What are the characteristics of carbapenemase-producing organisms, including Klebsiella pneumoniae carbapenemase (KPC), Oxacillinase-48 (OXA-48), New Delhi metallo-beta-lactamase (NDM), Verona integron-encoded metallo-beta-lactamase (VIM), and Imipenemase (IMP)?

From the Guidelines

For patients with infections caused by KPC-producing carbapenem-resistant Enterobacterales (CRE), the first-line treatment options should be novel β-lactam agents such as ceftazidime/avibactam and meropenem/vaborbactam. These enzymes, including KPC, OXA-48, NDM, VIM, and IMP, are types of carbapenemases that make bacteria resistant to multiple antibiotics, posing a significant concern in treating serious infections [ 1 ]. Each enzyme has distinct characteristics, with KPC commonly found in Enterobacteriaceae, OXA-48 in Klebsiella and E. coli, NDM widespread globally, and VIM and IMP often found in Pseudomonas and Acinetobacter species.

Treatment Options

• For KPC-producing CRE infections, ceftazidime/avibactam and meropenem/vaborbactam are strongly recommended as first-line treatments due to their efficacy and safety profiles [ 1 ].
• Imipenem/relebactam and cefiderocol may also be considered as alternative options, although the evidence for their use is less strong [ 1 ].
• For metallo-β-lactamase (MBL)-producing CRE infections, such as those caused by NDM, VIM, or IMP, the combination of ceftazidime/avibactam plus aztreonam is preferred, with cefiderocol being a conditional alternative [ 1 ].

Rationale

The recommendations are based on the latest evidence from observational studies and clinical trials, which highlight the benefits of novel β-lactam agents over traditional antibiotic regimens in terms of clinical efficacy and safety [ 1 ]. The choice of treatment should consider the specific enzyme, local epidemiology, and susceptibility testing to ensure effective treatment and prevent the spread of these highly resistant organisms in healthcare settings. Rapid identification of these resistance mechanisms is crucial, as conventional antibiotic regimens will likely fail [ 1 ].

From the FDA Drug Label

VABOMERE demonstrated in vitro activity against Enterobacteriaceae in the presence of some beta-lactamases and extended-spectrum beta-lactamases (ESBLs) of the following groups: KPC, SME, TEM, SHV, CTX-M, CMY, and ACT. VABOMERE is not active against bacteria that produce metallo-beta lactamases or oxacillinases with carbapenase activity

• KPC: VABOMERE has in vitro activity against KPC-producing Enterobacteriaceae.
• OXA-48: VABOMERE is not active against bacteria that produce oxacillinases with carbapenemase activity, which includes OXA-48.
• NDM: VABOMERE is not active against bacteria that produce metallo-beta lactamases, which includes NDM.
• VIM: VABOMERE is not active against bacteria that produce metallo-beta lactamases, which includes VIM.
• IMP: VABOMERE is not active against bacteria that produce metallo-beta lactamases, which includes IMP. 2

From the Research

Carbapenemase-Producing Enterobacterales

• KPC, OXA-48, NDM, VIM, and IMP are types of carbapenemases that have been identified in Enterobacterales, which are a group of Gram-negative bacteria 3.
• These enzymes confer resistance to carbapenem antibiotics, which are often considered the last line of defense against bacterial infections 3.

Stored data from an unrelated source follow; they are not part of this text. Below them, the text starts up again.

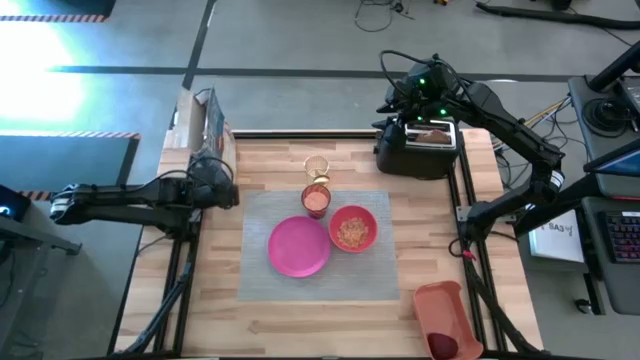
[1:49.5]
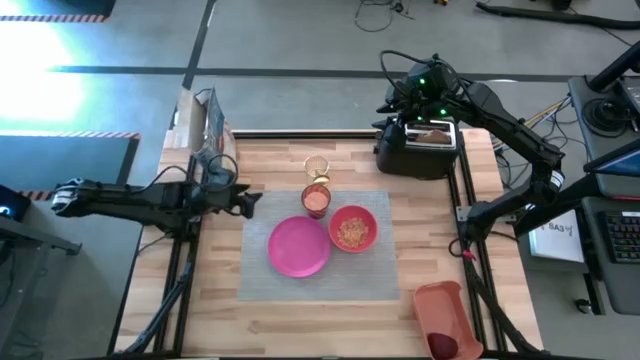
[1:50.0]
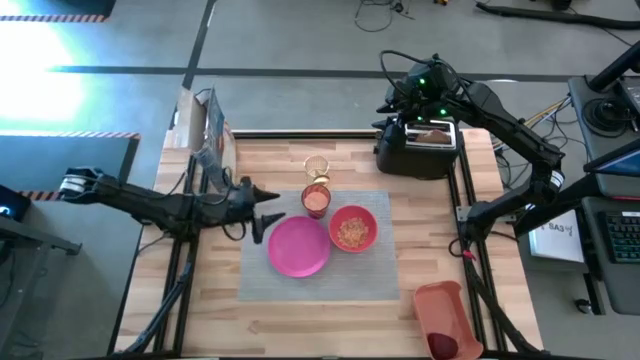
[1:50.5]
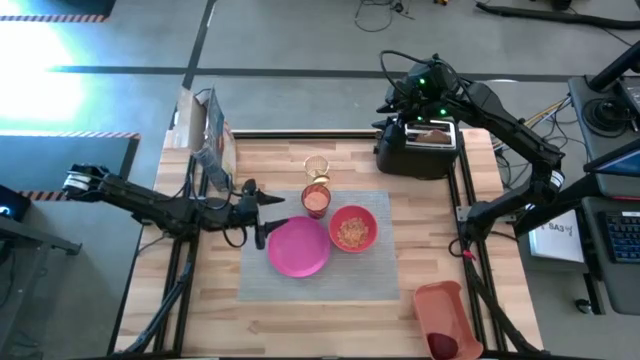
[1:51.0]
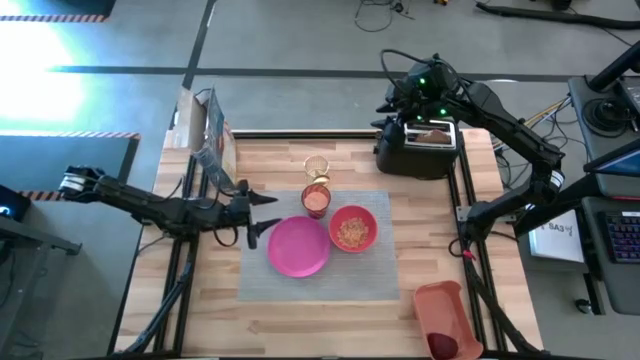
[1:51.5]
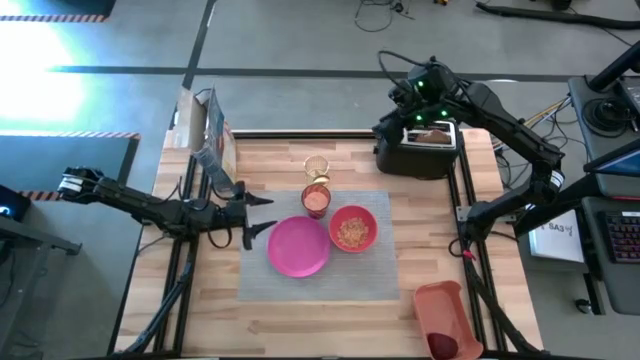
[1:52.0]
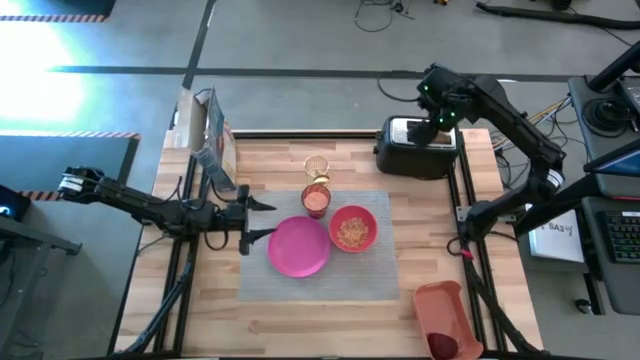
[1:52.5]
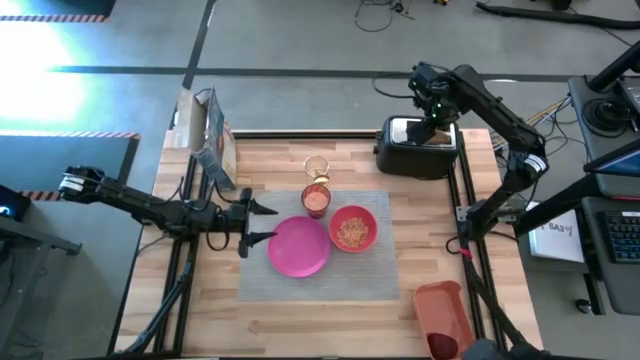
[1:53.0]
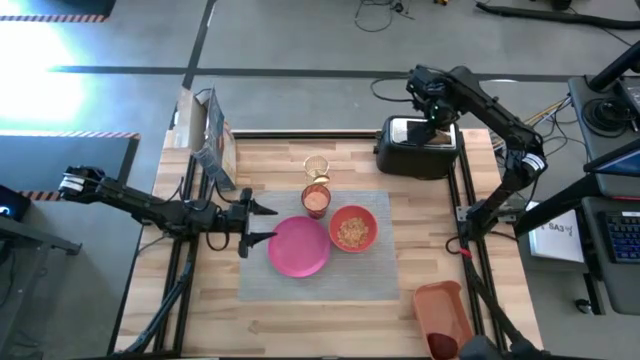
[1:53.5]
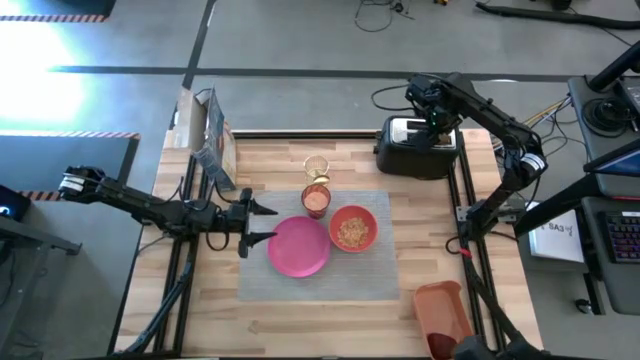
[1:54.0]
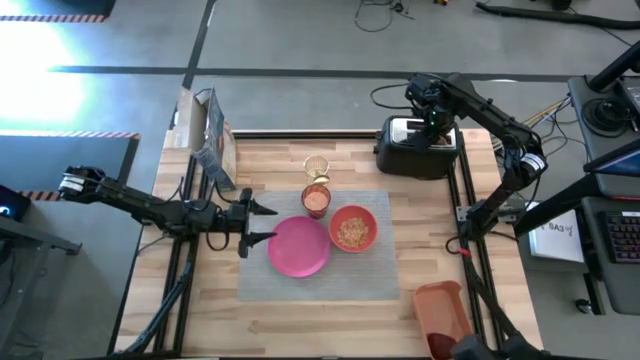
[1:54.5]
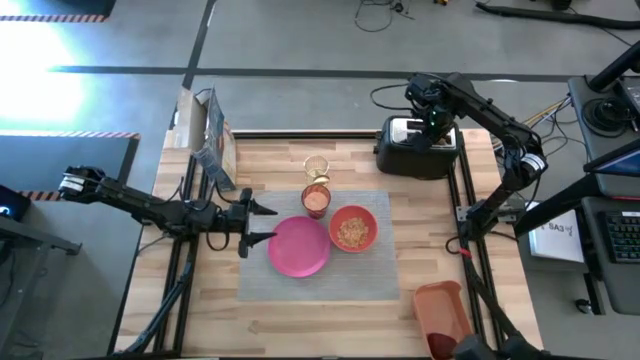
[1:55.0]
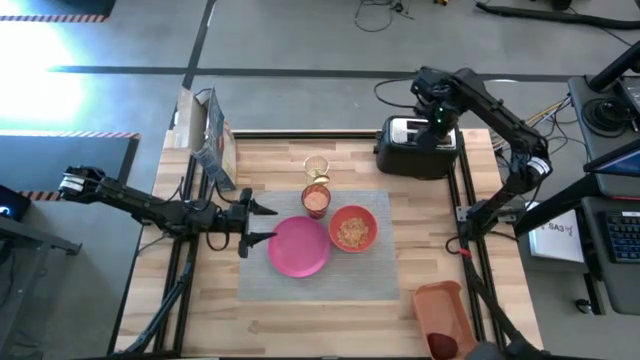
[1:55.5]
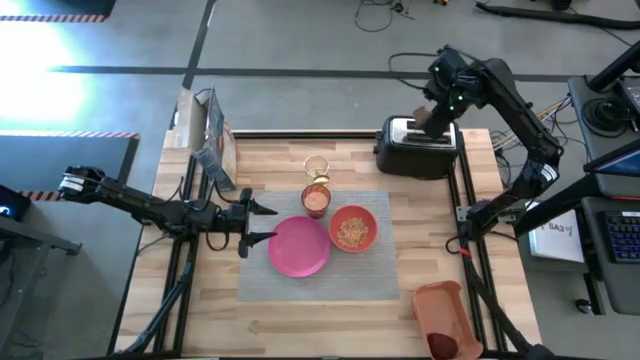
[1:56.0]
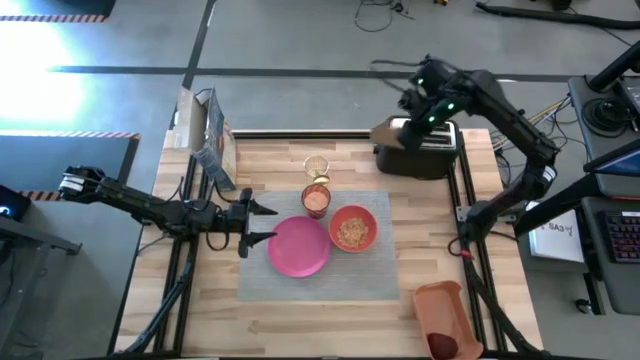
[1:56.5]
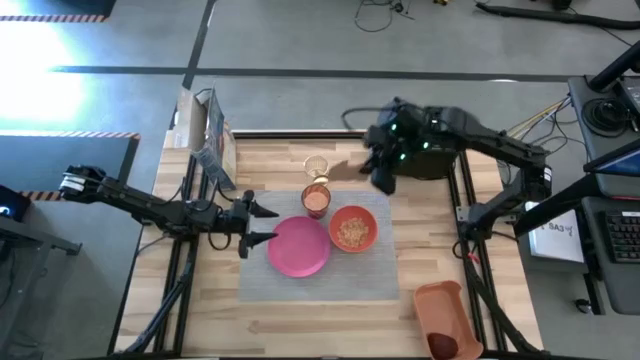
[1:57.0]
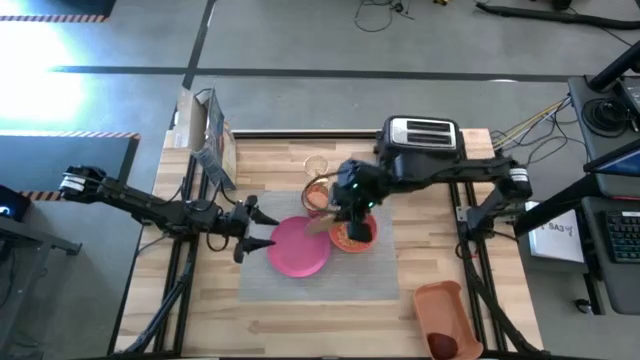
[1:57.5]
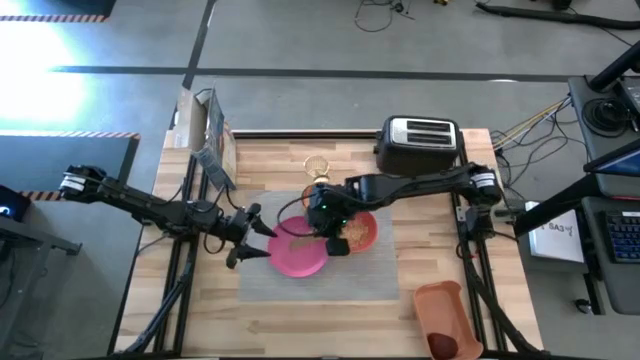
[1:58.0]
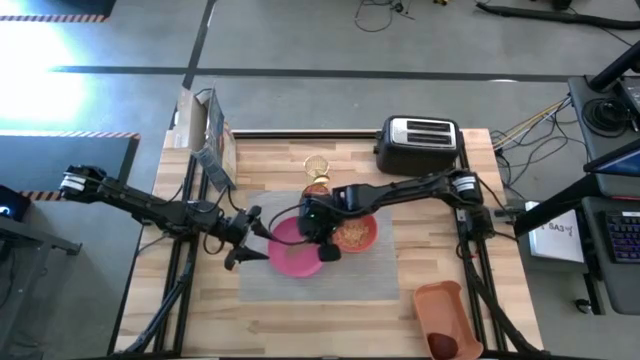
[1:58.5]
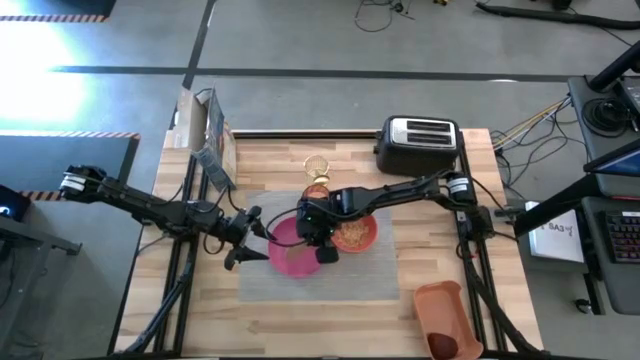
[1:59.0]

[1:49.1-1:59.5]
Task: Arrange a breakfast setting
Put the toasted bread from the toaster on the pink plate on the table mat

Epidemiology of Carbapenemase Resistance

• The global emergence of carbapenemase-producing bacteria is a significant public health concern, with reports of these bacteria in various parts of the world 3.
• KPC, VIM, OXA-48, NDM, and IMP are among the most prevalent types of carbapenemases, with KPC being the most common in some regions 4.
• The spread of carbapenemase-producing bacteria is often facilitated by horizontal gene transfer, which allows the bacteria to share resistance genes with other bacteria 3.

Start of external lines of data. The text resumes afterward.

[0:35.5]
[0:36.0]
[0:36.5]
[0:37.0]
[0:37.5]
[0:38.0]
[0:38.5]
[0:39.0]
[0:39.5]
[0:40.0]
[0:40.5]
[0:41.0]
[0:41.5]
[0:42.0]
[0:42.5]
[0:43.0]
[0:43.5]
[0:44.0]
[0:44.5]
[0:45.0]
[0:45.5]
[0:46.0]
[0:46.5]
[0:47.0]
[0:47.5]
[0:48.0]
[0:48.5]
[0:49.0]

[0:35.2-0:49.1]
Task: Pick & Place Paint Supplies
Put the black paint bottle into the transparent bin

Detection and Treatment of Carbapenemase-Producing Bacteria

• Rapid detection of carbapenemase-producing bacteria is crucial for effective treatment, with methods such as multiplex immunochromatographic assays available for detection 5.
• Treatment options for carbapenemase-producing bacteria are limited, but ceftazidime-avibactam has shown promise in treating OXA-48-producing Klebsiella pneumoniae 6.
• Cefepime-enmetazobactam is a new β-lactam/β-lactamase inhibitor combination that has shown activity against carbapenem-resistant Enterobacterales, including OXA-48 producers 7.

Resistance Patterns

• OXA-48 producers have shown high susceptibility to cefepime-enmetazobactam, similar to ceftazidime-avibactam 7.
• KPC producers have shown resistance to ceftazidime-avibactam and cefiderocol, with higher MICs observed in strains with mutated blaKPC 4.
• NDM, VIM, and IMP producers have also been reported, with varying levels of resistance to different antibiotics 3.